O deputado federal Nazareno Fontelenes, presidente da Frente Parlamentar de Segurança Alimentar da Câmara dos Deputados, afirma que o alimento sempre foi tratado como mercadoria e não como direito. "A partir da aprovação da PEC, a própria população vai poder exigir e monitorar essa questão." Fonteneles diz que é preciso garantir tanto o acesso quanto a produção, criando políticas amplas e de abrangência geral. Outra questão defendida pelo deputado é a ampliação do Bolsa Família. Quem está na linha da pobreza teria uma renda secundária garantida. Ele argumenta que a proteção social está presente em diversos países da Europa. "É claro que é preciso autonomia. Mas as universidades públicas, por exemplo, são preenchidas majoritariamente com pessoas que têm boa renda e ninguém acha que isso é esmola", explica. "Hoje o país está no caminho certo. Enquanto em outros locais a fome está crescendo, seguimos o caminho inverso."
Para a nutricionista e professora da Pontifícia Universidade Católica do Paraná Maria Teresa Gomes de Oliveira Ribas ao se tornar um direito social, a alimentação organizará a oferta de serviços nos moldes de um sistema, como ocorre com a assistência social, por exemplo. "A lei terá de estipular as instâncias de funcionamento, a responsabilidade do Estado e a assistência em nutrição. Quando o alimento é inserido em uma lei máxima, como é a Constituição, torna-se uma garantia permanente. O direito à alimentação é o direito à própria vida."
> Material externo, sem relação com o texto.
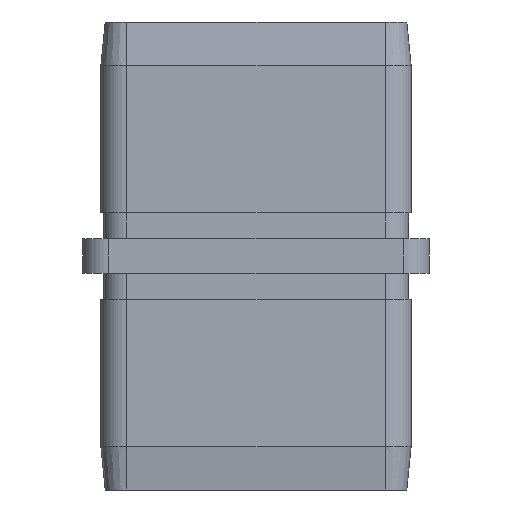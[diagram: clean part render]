
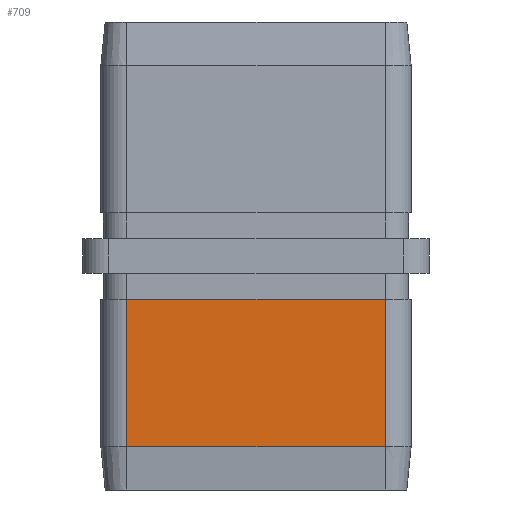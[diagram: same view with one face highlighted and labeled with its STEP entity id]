
A CAD part, left-side view. The second image highlights one B-rep face of the part: STEP entity #709.
In plain terms, the highlighted planar face has unit normal (-1, 0, 0).
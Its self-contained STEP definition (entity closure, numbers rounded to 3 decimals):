
#136 = DIRECTION ( 'NONE',  ( 0., 0., -1. ) ) ;
#709 = ADVANCED_FACE ( 'NONE', ( #14288 ), #20923, .F. ) ;
#947 = CARTESIAN_POINT ( 'NONE',  ( -17.9, 14.9, 27. ) ) ;
#1333 = ORIENTED_EDGE ( 'NONE', *, *, #6125, .T. ) ;
#1818 = VECTOR ( 'NONE', #7373, 1000. ) ;
#2728 = LINE ( 'NONE', #947, #8976 ) ;
#2752 = CARTESIAN_POINT ( 'NONE',  ( -17.9, -14.9, -22. ) ) ;
#2956 = ORIENTED_EDGE ( 'NONE', *, *, #13837, .T. ) ;
#3118 = VERTEX_POINT ( 'NONE', #15669 ) ;
#3598 = CARTESIAN_POINT ( 'NONE',  ( -17.9, -14.9, -22. ) ) ;
#4184 = ORIENTED_EDGE ( 'NONE', *, *, #21975, .T. ) ;
#4323 = VECTOR ( 'NONE', #24433, 1000. ) ;
#4831 = EDGE_LOOP ( 'NONE', ( #9549, #2956, #1333, #4184 ) ) ;
#4902 = VERTEX_POINT ( 'NONE', #20802 ) ;
#5155 = DIRECTION ( 'NONE',  ( 0., 0., -1. ) ) ;
#5769 = VERTEX_POINT ( 'NONE', #2752 ) ;
#6125 = EDGE_CURVE ( 'NONE', #3118, #4902, #6156, .T. ) ;
#6132 = AXIS2_PLACEMENT_3D ( 'NONE', #9589, #11474, #136 ) ;
#6156 = LINE ( 'NONE', #6478, #12955 ) ;
#6478 = CARTESIAN_POINT ( 'NONE',  ( -17.9, -14.9, -5. ) ) ;
#7373 = DIRECTION ( 'NONE',  ( 0., 1., 0. ) ) ;
#8131 = DIRECTION ( 'NONE',  ( 0., 1., 0. ) ) ;
#8976 = VECTOR ( 'NONE', #5155, 1000. ) ;
#9549 = ORIENTED_EDGE ( 'NONE', *, *, #19083, .F. ) ;
#9589 = CARTESIAN_POINT ( 'NONE',  ( -17.9, -17.9, 27. ) ) ;
#11474 = DIRECTION ( 'NONE',  ( 1., 0., 0. ) ) ;
#12955 = VECTOR ( 'NONE', #8131, 1000. ) ;
#13837 = EDGE_CURVE ( 'NONE', #5769, #3118, #14114, .T. ) ;
#14114 = LINE ( 'NONE', #24349, #4323 ) ;
#14288 = FACE_OUTER_BOUND ( 'NONE', #4831, .T. ) ;
#15470 = VERTEX_POINT ( 'NONE', #15654 ) ;
#15654 = CARTESIAN_POINT ( 'NONE',  ( -17.9, 14.9, -22. ) ) ;
#15669 = CARTESIAN_POINT ( 'NONE',  ( -17.9, -14.9, -5. ) ) ;
#19083 = EDGE_CURVE ( 'NONE', #5769, #15470, #21990, .T. ) ;
#20802 = CARTESIAN_POINT ( 'NONE',  ( -17.9, 14.9, -5. ) ) ;
#20923 = PLANE ( 'NONE',  #6132 ) ;
#21975 = EDGE_CURVE ( 'NONE', #4902, #15470, #2728, .T. ) ;
#21990 = LINE ( 'NONE', #3598, #1818 ) ;
#24349 = CARTESIAN_POINT ( 'NONE',  ( -17.9, -14.9, 27. ) ) ;
#24433 = DIRECTION ( 'NONE',  ( 0., 0., 1. ) ) ;

Outra questão que Maria Teresa lembra é o aumento da obesidade na população brasileira. "Nem conseguimos superar a questão da fome e já temos de enfrentar todos os desdobramentos e comorbidades relacionadas à obesidade." Ela explica que a falta de informação e alimentação adequada, mesmo para quem tem condições financeiras, é uma violação de direitos.
Serviço:
A campanha será lançada hoje em Foz do Iguaçu. O evento começa às 19h30 no Centro de Recepção de Visitantes da Itaipu Binacional.